> [RECORDS FOR THIS TASK]

**********

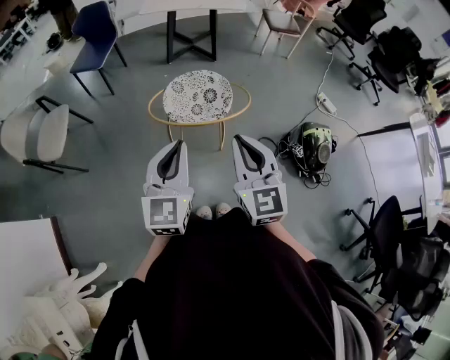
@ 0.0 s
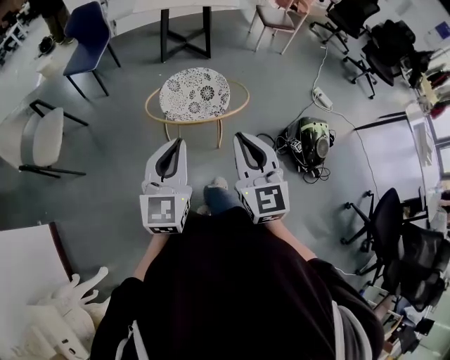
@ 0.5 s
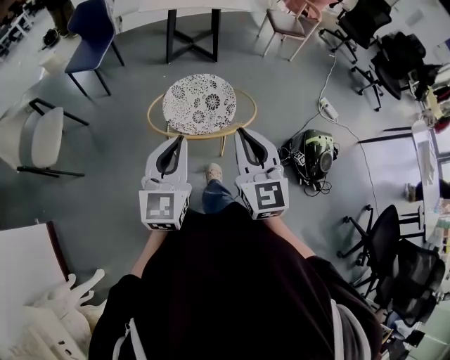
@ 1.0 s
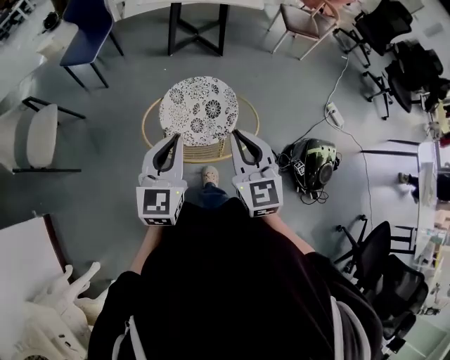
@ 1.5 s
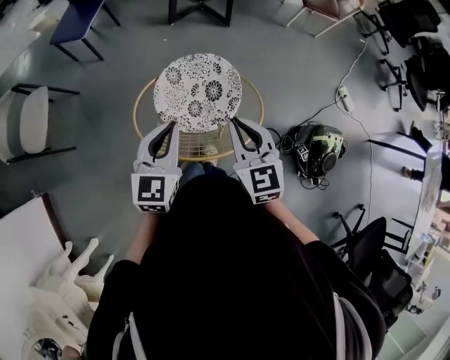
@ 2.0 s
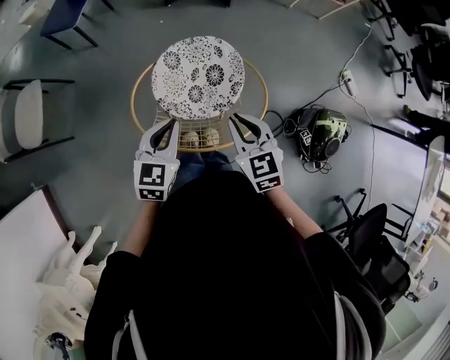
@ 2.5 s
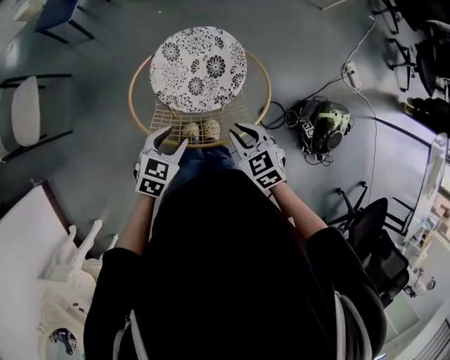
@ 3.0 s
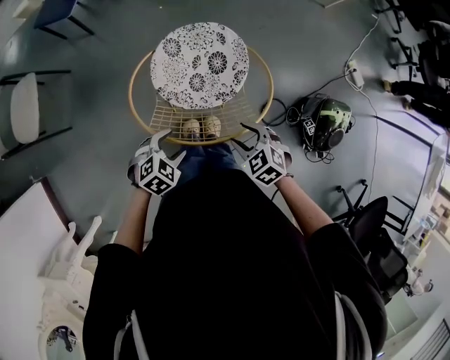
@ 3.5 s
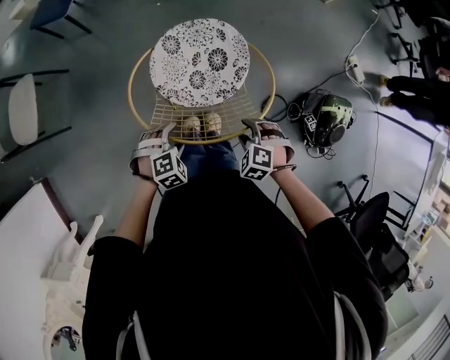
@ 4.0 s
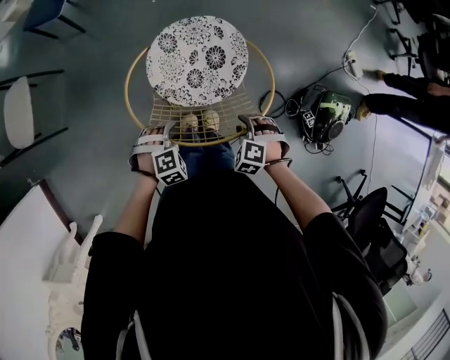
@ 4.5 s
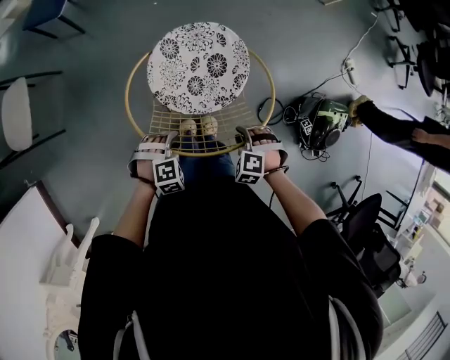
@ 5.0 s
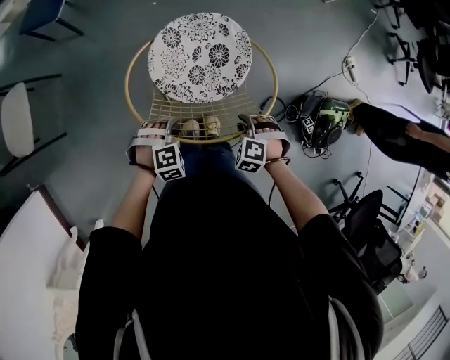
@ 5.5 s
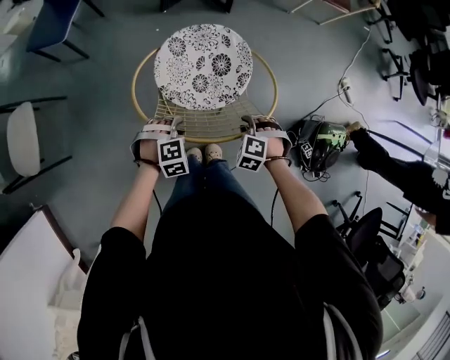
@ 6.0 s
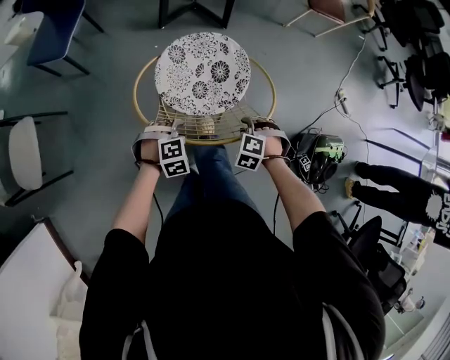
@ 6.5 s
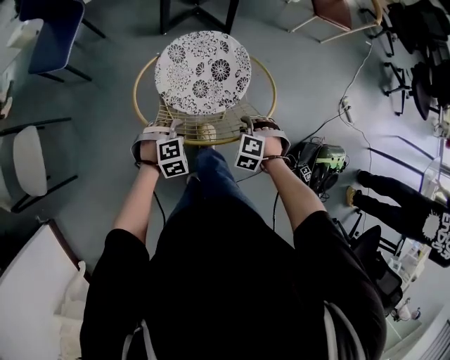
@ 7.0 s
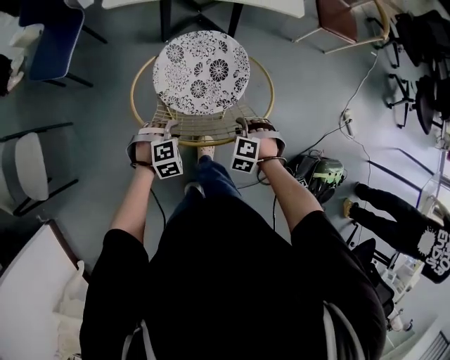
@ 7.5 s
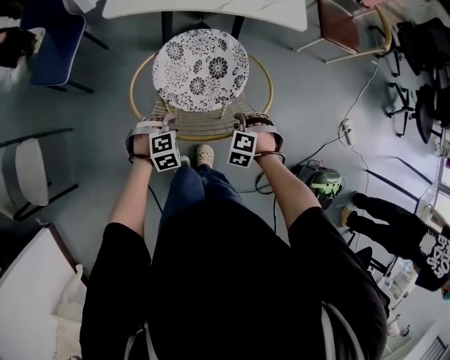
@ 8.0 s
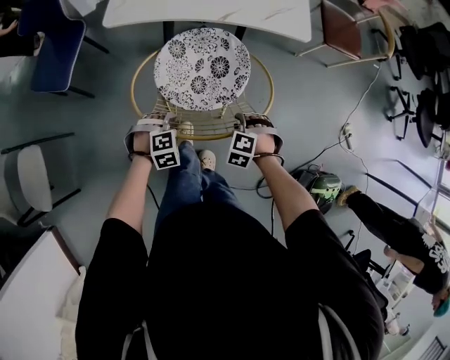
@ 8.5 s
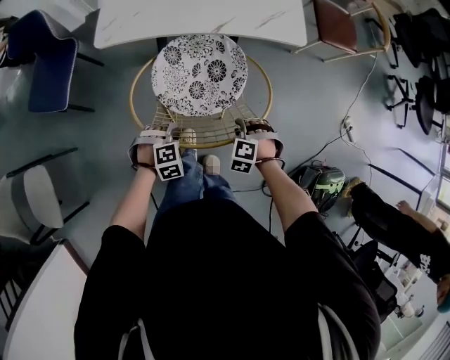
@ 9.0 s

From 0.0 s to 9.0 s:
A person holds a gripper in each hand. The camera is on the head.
From 0.0 s to 2.0 s: The two grippers go about 30 cm forward and downward. The right gripper swivels roughly 20 degrees.
From 2.0 s to 4.5 s: Both grippers move downward, some 25 cm. The right gripper angles its fingers downward, by approximately 50 degrees, and opens up, while the left gripper tilts its fingers some 50 degrees downward, and opens its fingers.
From 4.5 s to 7.0 s: The right gripper moves approximately 30 cm. The left gripper shifts by about 30 cm.
From 7.0 s to 9.0 s: Both grippers travel together forward, roughly 15 cm.

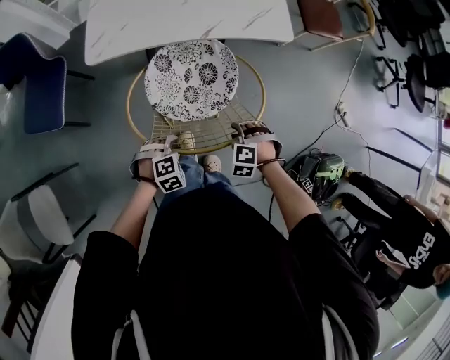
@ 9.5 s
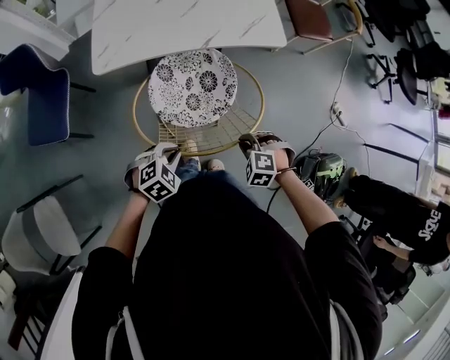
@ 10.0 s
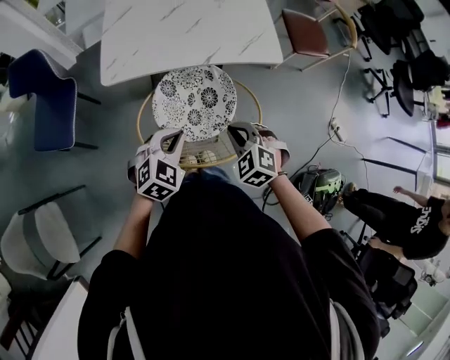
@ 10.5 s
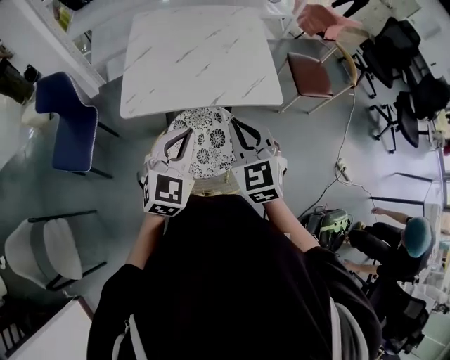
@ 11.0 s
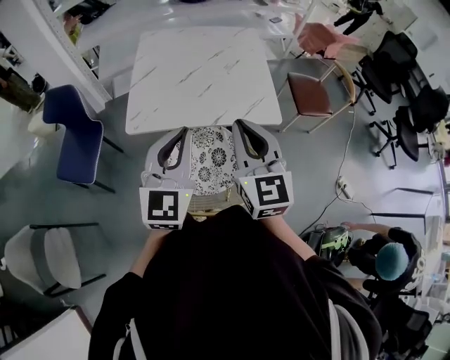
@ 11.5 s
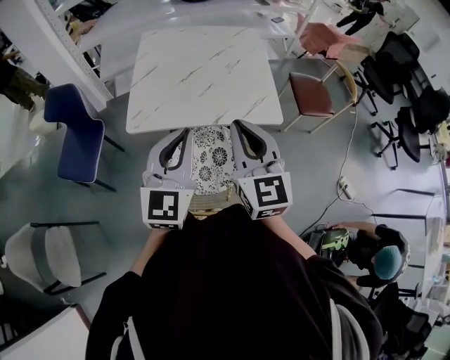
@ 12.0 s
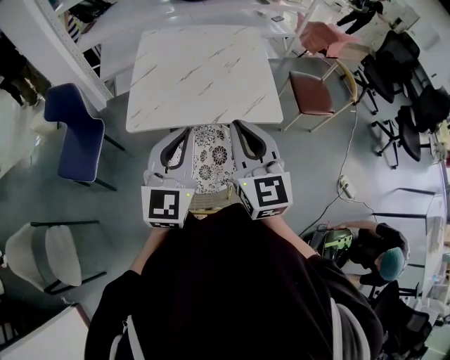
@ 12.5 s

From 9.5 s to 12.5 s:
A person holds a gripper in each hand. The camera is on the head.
From 9.5 s to 11.0 s: The left gripper goes approximately 40 cm upward and forward, points its fingers roughly 50 degrees further upward, and closes up; the right gripper shifts some 40 cm upward, tilts its fingers approximately 60 degrees upward, and closes up.
From 11.0 s to 12.5 s: Both grippers move upward, about 10 cm. The right gripper turns by about 20 degrees; the left gripper changes its angle by roughly 20 degrees.

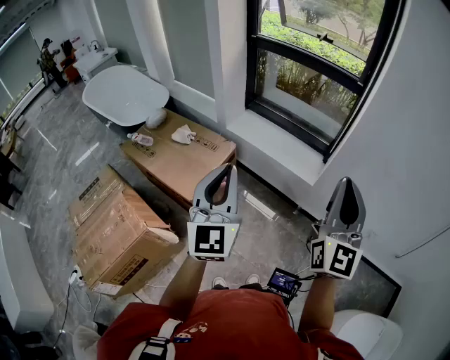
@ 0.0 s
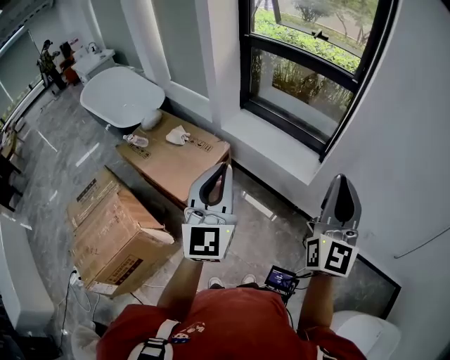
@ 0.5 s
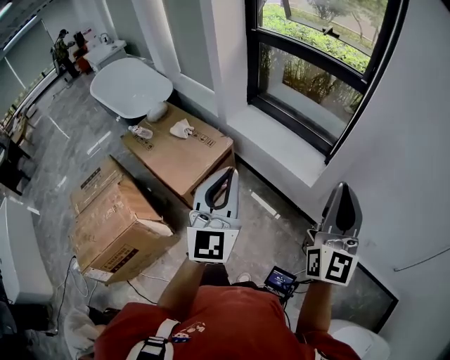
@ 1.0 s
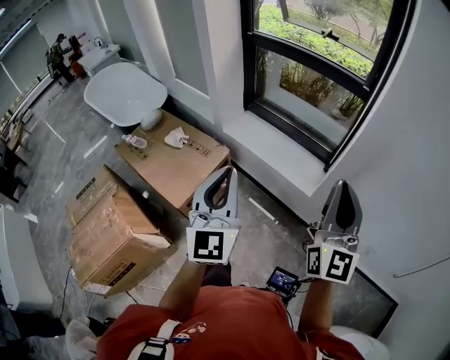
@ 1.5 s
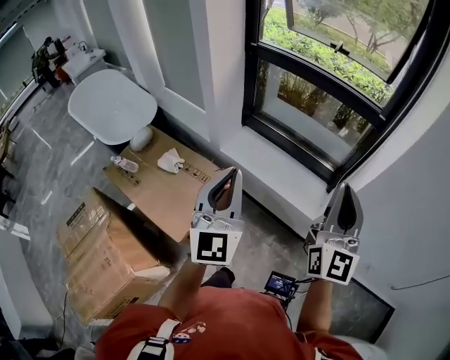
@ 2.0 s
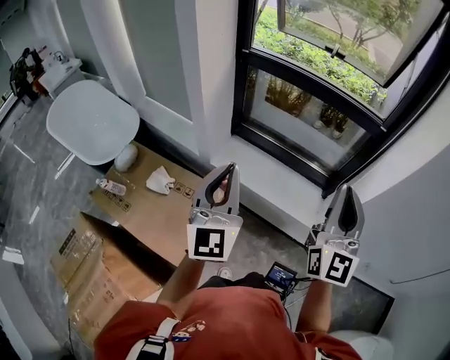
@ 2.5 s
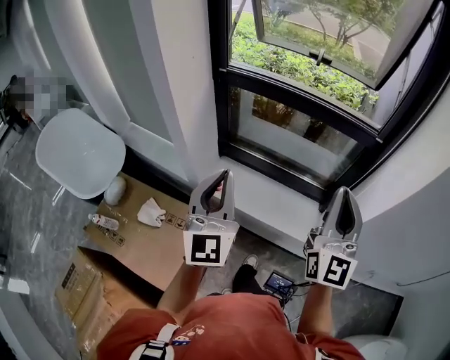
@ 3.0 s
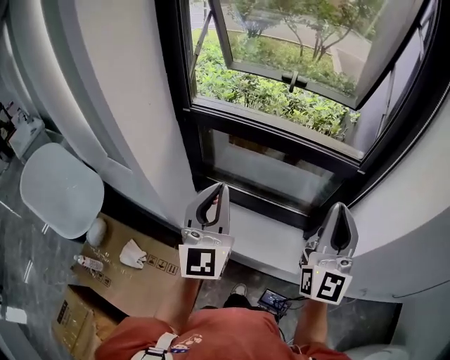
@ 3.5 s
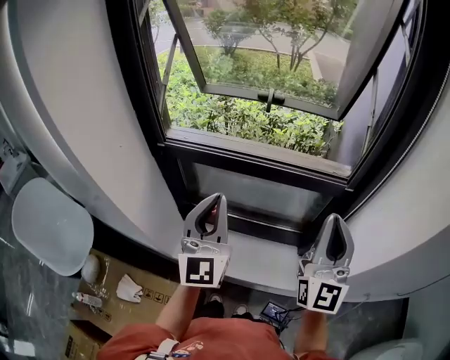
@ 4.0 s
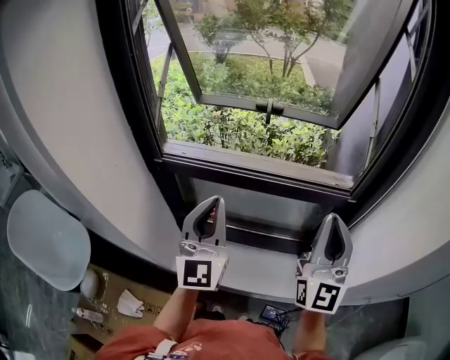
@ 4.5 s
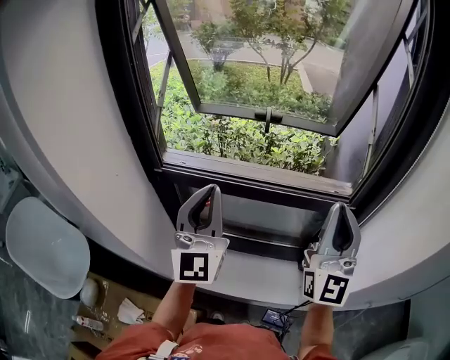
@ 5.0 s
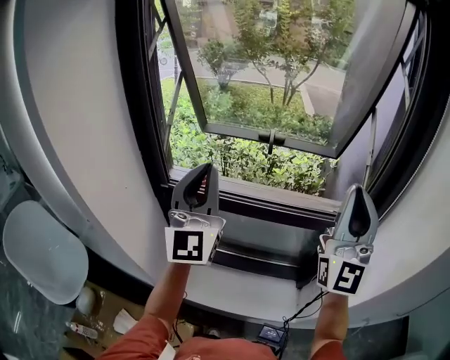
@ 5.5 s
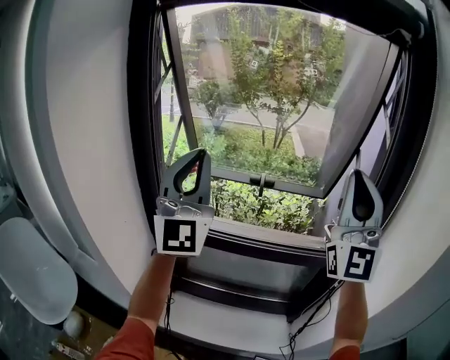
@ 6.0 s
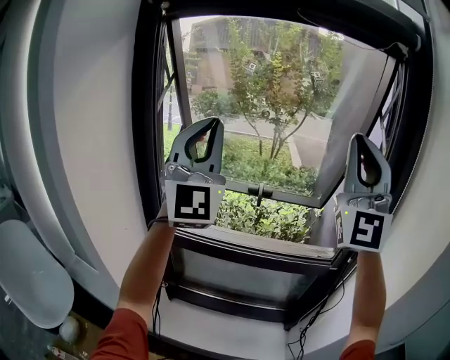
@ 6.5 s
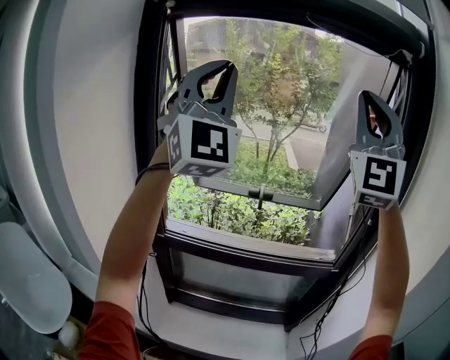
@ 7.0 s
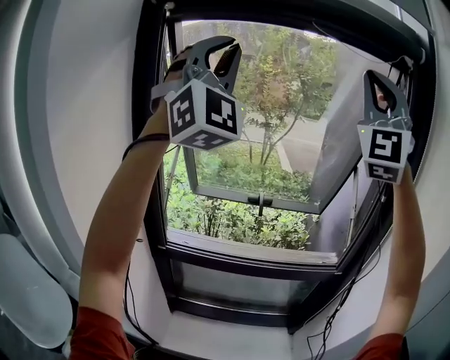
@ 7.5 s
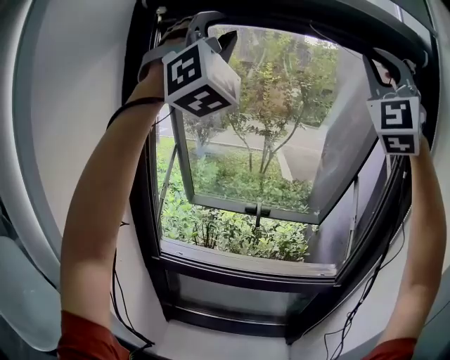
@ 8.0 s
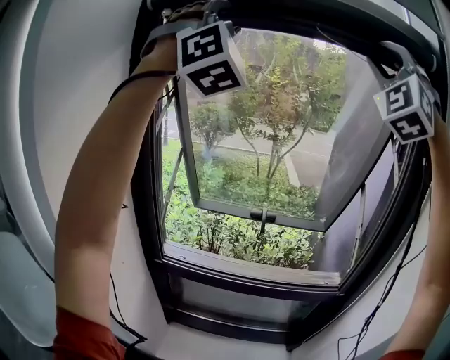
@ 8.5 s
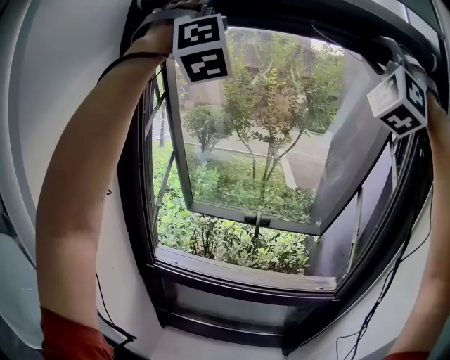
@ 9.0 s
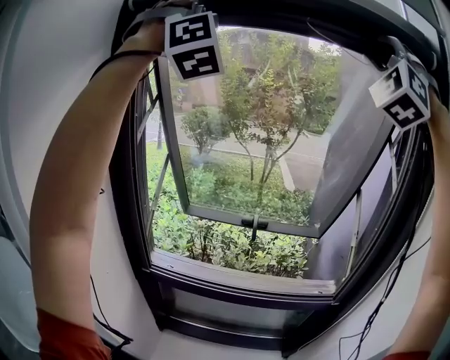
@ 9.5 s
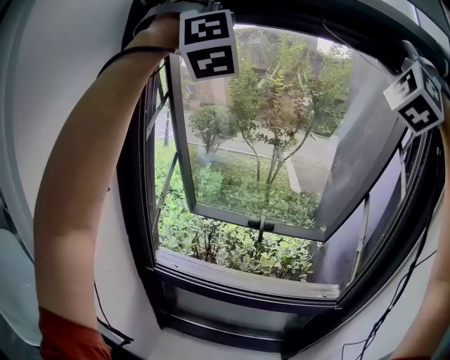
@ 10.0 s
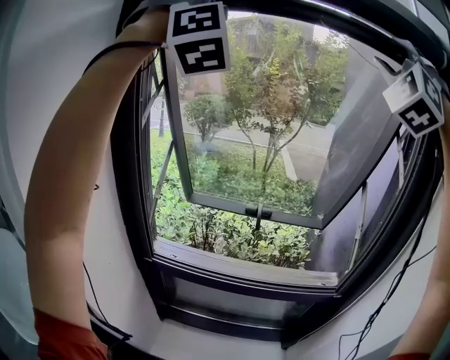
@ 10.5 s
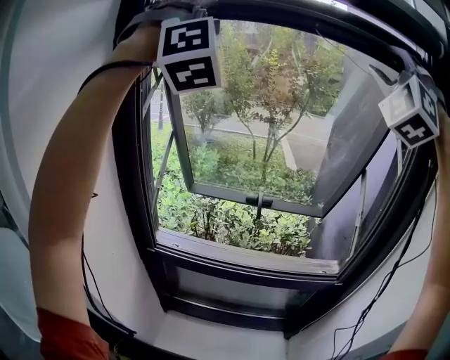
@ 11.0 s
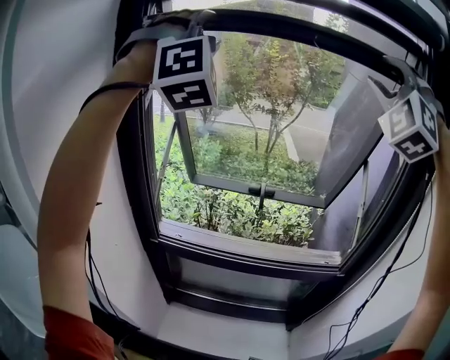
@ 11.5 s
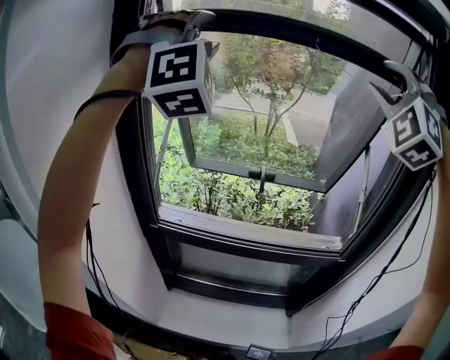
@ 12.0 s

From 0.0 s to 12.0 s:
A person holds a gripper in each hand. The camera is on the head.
From 0.0 s to 2.0 s: Both grippers move forward, roughly 25 cm.
From 2.0 s to 4.0 s: Both grippers move forward, roughly 35 cm. The right gripper turns by some 20 degrees, while the left gripper rotates about 20 degrees.
From 4.0 s to 6.0 s: The grippers both shift upward by roughly 25 cm. The right gripper changes its angle by approximately 30 degrees; the left gripper changes its angle by about 30 degrees.
From 6.0 s to 8.0 s: Both grippers move upward, roughly 30 cm. The left gripper rotates around the line of its fingers by some 50 degrees, clockwise from behind, and opens its fingers. Meanwhile the right gripper rolls counterclockwise, seen from behind, by approximately 40 degrees.
From 8.0 s to 10.0 s: Both grippers travel together forward, about 5 cm. The right gripper rotates approximately 30 degrees, and opens its fingers. Meanwhile the left gripper rotates about 30 degrees.
From 10.0 s to 12.0 s: The two grippers go some 15 cm downward.

**********

> [WHAT YOU NEED TO DO]
Give a verbatim transcription of the entries, leaving out the pictures.

> [EXPECTED OUTPUT]
@ 0.0 s
@ 0.5 s
@ 1.0 s
@ 1.5 s
@ 2.0 s
@ 2.5 s
@ 3.0 s
@ 3.5 s
@ 4.0 s
@ 4.5 s
@ 5.0 s
@ 5.5 s
@ 6.0 s
@ 6.5 s
@ 7.0 s
@ 7.5 s
@ 8.0 s
@ 8.5 s
@ 9.0 s

From 0.0 s to 9.0 s:
A person holds a gripper in each hand. The camera is on the head.
From 0.0 s to 2.0 s: The two grippers go about 30 cm forward and downward. The right gripper swivels roughly 20 degrees.
From 2.0 s to 4.5 s: Both grippers move downward, some 25 cm. The right gripper angles its fingers downward, by approximately 50 degrees, and opens up, while the left gripper tilts its fingers some 50 degrees downward, and opens its fingers.
From 4.5 s to 7.0 s: The right gripper moves approximately 30 cm. The left gripper shifts by about 30 cm.
From 7.0 s to 9.0 s: Both grippers travel together forward, roughly 15 cm.

@ 9.5 s
@ 10.0 s
@ 10.5 s
@ 11.0 s
@ 11.5 s
@ 12.0 s
@ 12.5 s

From 9.5 s to 12.5 s:
A person holds a gripper in each hand. The camera is on the head.
From 9.5 s to 11.0 s: The left gripper goes approximately 40 cm upward and forward, points its fingers roughly 50 degrees further upward, and closes up; the right gripper shifts some 40 cm upward, tilts its fingers approximately 60 degrees upward, and closes up.
From 11.0 s to 12.5 s: Both grippers move upward, about 10 cm. The right gripper turns by about 20 degrees; the left gripper changes its angle by roughly 20 degrees.

@ 0.0 s
@ 0.5 s
@ 1.0 s
@ 1.5 s
@ 2.0 s
@ 2.5 s
@ 3.0 s
@ 3.5 s
@ 4.0 s
@ 4.5 s
@ 5.0 s
@ 5.5 s
@ 6.0 s
@ 6.5 s
@ 7.0 s
@ 7.5 s
@ 8.0 s
@ 8.5 s
@ 9.0 s
@ 9.5 s
@ 10.0 s
@ 10.5 s
@ 11.0 s
@ 11.5 s
@ 12.0 s

From 0.0 s to 12.0 s:
A person holds a gripper in each hand. The camera is on the head.
From 0.0 s to 2.0 s: Both grippers move forward, roughly 25 cm.
From 2.0 s to 4.0 s: Both grippers move forward, roughly 35 cm. The right gripper turns by some 20 degrees, while the left gripper rotates about 20 degrees.
From 4.0 s to 6.0 s: The grippers both shift upward by roughly 25 cm. The right gripper changes its angle by approximately 30 degrees; the left gripper changes its angle by about 30 degrees.
From 6.0 s to 8.0 s: Both grippers move upward, roughly 30 cm. The left gripper rotates around the line of its fingers by some 50 degrees, clockwise from behind, and opens its fingers. Meanwhile the right gripper rolls counterclockwise, seen from behind, by approximately 40 degrees.
From 8.0 s to 10.0 s: Both grippers travel together forward, about 5 cm. The right gripper rotates approximately 30 degrees, and opens its fingers. Meanwhile the left gripper rotates about 30 degrees.
From 10.0 s to 12.0 s: The two grippers go some 15 cm downward.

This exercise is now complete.